# Record extracts
+++++

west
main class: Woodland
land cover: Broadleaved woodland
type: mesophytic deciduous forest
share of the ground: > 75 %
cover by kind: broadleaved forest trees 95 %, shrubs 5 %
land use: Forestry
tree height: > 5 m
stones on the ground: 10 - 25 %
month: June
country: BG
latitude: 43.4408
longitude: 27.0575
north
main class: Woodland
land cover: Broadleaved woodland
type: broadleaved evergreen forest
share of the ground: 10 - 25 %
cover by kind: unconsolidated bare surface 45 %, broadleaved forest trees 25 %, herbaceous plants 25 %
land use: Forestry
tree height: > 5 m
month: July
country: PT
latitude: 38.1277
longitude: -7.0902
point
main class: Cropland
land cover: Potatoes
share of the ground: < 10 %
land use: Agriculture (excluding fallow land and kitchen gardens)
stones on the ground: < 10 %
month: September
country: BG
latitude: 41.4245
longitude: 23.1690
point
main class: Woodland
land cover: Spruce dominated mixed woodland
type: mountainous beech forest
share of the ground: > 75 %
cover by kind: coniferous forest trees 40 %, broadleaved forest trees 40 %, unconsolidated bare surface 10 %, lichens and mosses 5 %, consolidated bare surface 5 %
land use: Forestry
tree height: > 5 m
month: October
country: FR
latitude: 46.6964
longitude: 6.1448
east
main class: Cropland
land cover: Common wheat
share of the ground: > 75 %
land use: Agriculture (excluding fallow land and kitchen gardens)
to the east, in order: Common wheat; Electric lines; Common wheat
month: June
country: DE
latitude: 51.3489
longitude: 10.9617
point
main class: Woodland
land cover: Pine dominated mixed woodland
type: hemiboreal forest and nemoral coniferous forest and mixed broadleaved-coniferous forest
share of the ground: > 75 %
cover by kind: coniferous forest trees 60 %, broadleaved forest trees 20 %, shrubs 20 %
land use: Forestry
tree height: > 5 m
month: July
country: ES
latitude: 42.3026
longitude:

+++++

# Problem description
Once you reach the line containing "type: broadleaved evergreen forest", include it and stop; until then, reproduce each line of the listing from its start exactly.

# Output for this exercise
west
main class: Woodland
land cover: Broadleaved woodland
type: mesophytic deciduous forest
share of the ground: > 75 %
cover by kind: broadleaved forest trees 95 %, shrubs 5 %
land use: Forestry
tree height: > 5 m
stones on the ground: 10 - 25 %
month: June
country: BG
latitude: 43.4408
longitude: 27.0575
north
main class: Woodland
land cover: Broadleaved woodland
type: broadleaved evergreen forest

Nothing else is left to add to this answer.